Socrates discusses the most pervasive human fear:  the fear of the unknown.  In this case, people (other than Socrates) fear death because the afterlife is something that is completely unknown.  The bigger fear that Socrates identifies is that people are afraid to admit that they don’t know what the afterlife is.  Through these two combined fears, the jury assumes that death is the greatest of all fears—because it’s the thing that no one knows anything about and no one wants to admit that they don’t know anything about death. 

Death is just as taboo in today’s Westernized society, if not more, than it was in ancient Greece.  In a British article on the grieving process of an intellectually disabled young woman, the social workers noted that the biggest obstacle to helping the young woman grieve over the loss of her mother was her caregivers’ unwillingness to discuss death.  I’m inclined to believe that the unwillingness to discuss death wasn’t strictly due to the limits of the young woman’s comprehension.  The fact is that people are unwilling to discuss death, and perhaps that’s because of the fear of the unknown that Socrates points out.  How do people deal with the unknown?  Well, it seems that a popular response is to deny that anything is unknown.  Denial is hardly an attractive option, but Socrates says that even if one does not wish to discuss death, one should be far more concerned with the quality of their lives—well, the quality of one’s soul, to be more precise.  Paying attention to the development and quality of one’s soul requires a great deal of evaluation, and the evaluations of one’s own soul are within reach whereas the evaluation of the afterlife is not. 

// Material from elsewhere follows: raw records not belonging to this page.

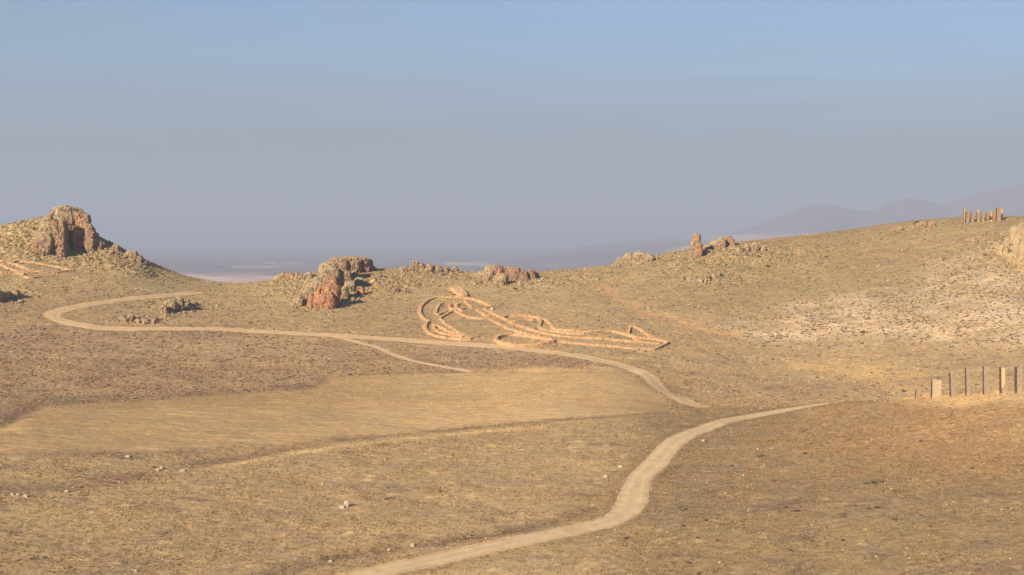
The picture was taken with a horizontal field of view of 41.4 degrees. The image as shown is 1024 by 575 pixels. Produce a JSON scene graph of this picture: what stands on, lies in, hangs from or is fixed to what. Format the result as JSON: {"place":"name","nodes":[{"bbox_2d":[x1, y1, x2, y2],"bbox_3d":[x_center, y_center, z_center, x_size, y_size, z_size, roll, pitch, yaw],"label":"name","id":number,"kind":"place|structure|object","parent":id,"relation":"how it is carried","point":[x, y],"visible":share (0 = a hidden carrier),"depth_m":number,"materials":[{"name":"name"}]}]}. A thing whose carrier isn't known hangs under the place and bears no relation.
{"place":"outdoors","nodes":[
{"label":"outdoors","id":0,"kind":"place"},
{"bbox_2d":[47,292,702,405],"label":"dirt road","id":1,"kind":"structure","parent":0,"point":[649,378],"depth_m":425.60,"materials":[{"name":"beige soil"}]},
{"bbox_2d":[0,216,1023,574],"bbox_3d":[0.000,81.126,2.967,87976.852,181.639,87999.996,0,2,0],"label":"ground","id":2,"kind":"structure","parent":0,"point":[156,430],"depth_m":304.07,"materials":[{"name":"beige plant"}]},
{"bbox_2d":[0,288,24,301],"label":"rock outcrop","id":3,"kind":"object","parent":2,"relation":"on","point":[7,295],"visible":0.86,"depth_m":451.04,"materials":[{"name":"stone"}]},
{"bbox_2d":[31,241,35,252],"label":"red boulder","id":4,"kind":"object","parent":2,"relation":"on","point":[33,248],"visible":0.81,"depth_m":510.72,"materials":[{"name":"brown stone"}]},
{"bbox_2d":[0,259,73,278],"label":"stone geoglyph","id":5,"kind":"object","parent":2,"relation":"on","point":[20,271],"visible":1,"depth_m":488.64,"materials":[{"name":"beige stone"}]},
{"bbox_2d":[34,205,108,256],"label":"rock crag","id":6,"kind":"structure","parent":2,"relation":"on","point":[60,226],"depth_m":519.26,"materials":[{"name":"brown stone"}]},
{"bbox_2d":[111,244,143,262],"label":"rock outcrop","id":7,"kind":"object","parent":2,"relation":"on","point":[129,253],"visible":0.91,"depth_m":522.10,"materials":[{"name":"brown stone"}]},
{"bbox_2d":[119,314,157,319],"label":"rock outcrop","id":8,"kind":"object","parent":2,"relation":"on","point":[131,316],"visible":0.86,"depth_m":437.58,"materials":[{"name":"grey stone"}]},
{"bbox_2d":[159,296,196,313],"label":"rock outcrop","id":9,"kind":"object","parent":2,"relation":"on","point":[178,303],"visible":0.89,"depth_m":455.64,"materials":[{"name":"stone"}]},
{"bbox_2d":[273,271,312,279],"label":"rock outcrop","id":10,"kind":"object","parent":2,"relation":"on","point":[287,275],"visible":0.69,"depth_m":527.59,"materials":[{"name":"brown stone"}]},
{"bbox_2d":[290,255,376,309],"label":"rock crag","id":11,"kind":"structure","parent":2,"relation":"on","point":[332,285],"depth_m":486.40,"materials":[{"name":"brown stone"}]},
{"bbox_2d":[22,366,679,574],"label":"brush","id":12,"kind":"object","parent":2,"relation":"on","point":[377,437],"visible":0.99,"depth_m":279.48,"materials":[{"name":"brown plant"}]},
{"bbox_2d":[51,368,668,412],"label":"stubble","id":13,"kind":"object","parent":2,"relation":"on","point":[458,395],"visible":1,"depth_m":347.85,"materials":[{"name":"beige plant"}]},
{"bbox_2d":[356,286,364,294],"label":"red boulder","id":14,"kind":"object","parent":2,"relation":"on","point":[360,290],"visible":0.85,"depth_m":494.39,"materials":[{"name":"brown stone"}]},
{"bbox_2d":[389,285,407,292],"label":"rock outcrop","id":15,"kind":"object","parent":2,"relation":"on","point":[395,289],"visible":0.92,"depth_m":502.04,"materials":[{"name":"brown stone"}]},
{"bbox_2d":[332,336,469,370],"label":"footpath","id":16,"kind":"structure","parent":2,"relation":"on","point":[399,356],"depth_m":403.93,"materials":[{"name":"beige soil"}]},
{"bbox_2d":[408,260,424,270],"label":"rock spire","id":17,"kind":"object","parent":2,"relation":"on","point":[416,266],"visible":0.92,"depth_m":540.04,"materials":[{"name":"brown stone"}]},
{"bbox_2d":[400,263,458,272],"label":"rock outcrop","id":18,"kind":"object","parent":2,"relation":"on","point":[430,267],"visible":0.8,"depth_m":541.86,"materials":[{"name":"brown stone"}]},
{"bbox_2d":[0,217,1011,321],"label":"scrub","id":19,"kind":"object","parent":2,"relation":"on","point":[372,273],"visible":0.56,"depth_m":522.78,"materials":[{"name":"brown plant"}]},
{"bbox_2d":[477,264,539,284],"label":"rock crag","id":20,"kind":"structure","parent":2,"relation":"on","point":[497,274],"depth_m":524.08,"materials":[{"name":"brown stone"}]},
{"bbox_2d":[0,224,1020,324],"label":"rubble","id":21,"kind":"object","parent":2,"relation":"on","point":[154,321],"visible":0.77,"depth_m":515.76,"materials":[{"name":"brown stone"}]},
{"bbox_2d":[0,218,1022,574],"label":"loose stones","id":22,"kind":"object","parent":2,"relation":"on","point":[546,368],"visible":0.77,"depth_m":395.50,"materials":[{"name":"stone"}]},
{"bbox_2d":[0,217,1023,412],"bbox_3d":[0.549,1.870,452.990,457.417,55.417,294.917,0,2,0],"label":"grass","id":23,"kind":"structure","parent":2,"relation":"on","point":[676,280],"depth_m":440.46,"materials":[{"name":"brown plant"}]},
{"bbox_2d":[0,219,1023,406],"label":"heath","id":24,"kind":"object","parent":2,"relation":"on","point":[579,360],"visible":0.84,"depth_m":443.01,"materials":[{"name":"brown plant"}]},
{"bbox_2d":[418,285,669,350],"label":"stone geoglyph","id":25,"kind":"object","parent":2,"relation":"on","point":[459,292],"visible":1,"depth_m":437.20,"materials":[{"name":"beige stone"}]},
{"bbox_2d":[615,251,653,264],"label":"rock outcrop","id":26,"kind":"object","parent":2,"relation":"on","point":[635,257],"visible":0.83,"depth_m":552.69,"materials":[{"name":"brown stone"}]},
{"bbox_2d":[688,233,702,259],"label":"rock spire","id":27,"kind":"object","parent":2,"relation":"on","point":[696,245],"visible":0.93,"depth_m":543.17,"materials":[{"name":"brown stone"}]},
{"bbox_2d":[687,268,720,282],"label":"rock outcrop","id":28,"kind":"object","parent":2,"relation":"on","point":[716,272],"visible":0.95,"depth_m":511.20,"materials":[{"name":"brown stone"}]},
{"bbox_2d":[709,236,734,248],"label":"rock outcrop","id":29,"kind":"object","parent":2,"relation":"on","point":[720,242],"visible":0.86,"depth_m":557.43,"materials":[{"name":"brown stone"}]},
{"bbox_2d":[736,242,766,252],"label":"rock outcrop","id":30,"kind":"object","parent":2,"relation":"on","point":[752,248],"visible":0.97,"depth_m":546.18,"materials":[{"name":"brown stone"}]},
{"bbox_2d":[892,226,902,230],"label":"rock outcrop","id":31,"kind":"object","parent":2,"relation":"on","point":[899,228],"visible":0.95,"depth_m":561.41,"materials":[{"name":"brown stone"}]},
{"bbox_2d":[915,220,935,227],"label":"rock outcrop","id":32,"kind":"object","parent":2,"relation":"on","point":[925,223],"visible":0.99,"depth_m":559.79,"materials":[{"name":"brown stone"}]},
{"bbox_2d":[930,379,941,397],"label":"standing stone","id":33,"kind":"object","parent":2,"relation":"on","point":[936,384],"visible":0.97,"depth_m":313.66,"materials":[{"name":"stone"}]},
{"bbox_2d":[949,372,955,395],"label":"standing stone","id":34,"kind":"object","parent":2,"relation":"on","point":[952,391],"visible":0.96,"depth_m":312.52,"materials":[{"name":"stone"}]},
{"bbox_2d":[965,211,968,222],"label":"standing stone","id":35,"kind":"object","parent":2,"relation":"on","point":[966,216],"visible":1,"depth_m":557.31,"materials":[{"name":"brown stone"}]},
{"bbox_2d":[965,367,969,395],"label":"standing stone","id":36,"kind":"object","parent":2,"relation":"on","point":[967,381],"visible":0.96,"depth_m":311.52,"materials":[{"name":"stone"}]},
{"bbox_2d":[970,212,973,222],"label":"standing stone","id":37,"kind":"object","parent":2,"relation":"on","point":[971,216],"visible":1,"depth_m":556.82,"materials":[{"name":"brown stone"}]},
{"bbox_2d":[976,209,979,221],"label":"standing stone","id":38,"kind":"object","parent":2,"relation":"on","point":[978,215],"visible":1,"depth_m":557.05,"materials":[{"name":"brown stone"}]},
{"bbox_2d":[982,366,988,394],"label":"standing stone","id":39,"kind":"object","parent":2,"relation":"on","point":[985,379],"visible":0.94,"depth_m":310.18,"materials":[{"name":"grey stone"}]},
{"bbox_2d":[995,208,1000,221],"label":"standing stone","id":40,"kind":"object","parent":2,"relation":"on","point":[998,214],"visible":1,"depth_m":554.24,"materials":[{"name":"brown stone"}]},
{"bbox_2d":[999,367,1006,393],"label":"standing stone","id":41,"kind":"object","parent":2,"relation":"on","point":[1002,381],"visible":0.95,"depth_m":308.80,"materials":[{"name":"gold stone"}]},
{"bbox_2d":[992,223,1023,270],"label":"rock outcrop","id":42,"kind":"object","parent":2,"relation":"on","point":[1014,242],"visible":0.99,"depth_m":506.77,"materials":[{"name":"beige stone"}]},
{"bbox_2d":[1014,366,1022,393],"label":"standing stone","id":43,"kind":"object","parent":2,"relation":"on","point":[1018,384],"visible":0.91,"depth_m":307.54,"materials":[{"name":"beige stone"}]},
{"bbox_2d":[0,0,1023,242],"label":"sky","id":44,"kind":"structure","parent":0,"point":[161,121],"materials":[{"name":"blue"}]},
{"bbox_2d":[138,183,1023,282],"bbox_3d":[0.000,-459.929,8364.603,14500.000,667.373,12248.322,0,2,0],"label":"hills","id":45,"kind":"structure","parent":0,"point":[258,267],"depth_m":10258.11,"materials":[{"name":"grey"}]},
{"bbox_2d":[344,402,836,574],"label":"dirt road","id":46,"kind":"structure","parent":0,"point":[631,502],"depth_m":246.45,"materials":[{"name":"beige soil"}]}
]}

Perhaps this is the real reason people are afraid of death—we are afraid to evaluate the quality of our own souls, because of the conclusions we might reach.  For one thing, if we were to assume that death is 1.  “A change and relocating of the soul from here to another place,” it is terrifying to imagine that a whole eternity could be based upon the actions of one lifetime.  As a result, it’s easier to subvert the issue by trying to deny that there is some sort of judgment after death that would determine the quality of the place the soul ended up in.  If we were to go with Socrates’ other suggestion, “the dead are nothing and have no perception of anything”, then death would resemble 2.  “A dreamless sleep” and would therefore be a “great advantage.”  The point being:  people have no rational reason to be afraid of death —unless what they are really afraid of is that death means our souls go somewhere else, and we are not all that confident in the quality of our souls. 

Even more terrifying is the idea that no one else can answer the question of what the quality of our own soul might be.  We have to operate on the basis of self-evaluation—and we hardly trust ourselves!  That’s why we’re afraid of death, in the first place:  we don’t trust the goodness of our own souls.  Socrates is certain that philosophy is an excellent mode of perfecting the soul, which is why in the Crito he says that philosophy is preparation for a good death.  Socrates concludes his speech to the jury with a farewell: 
“I go to die, you go to live.  Which of us goes to the better lot is known to no one, except the god.”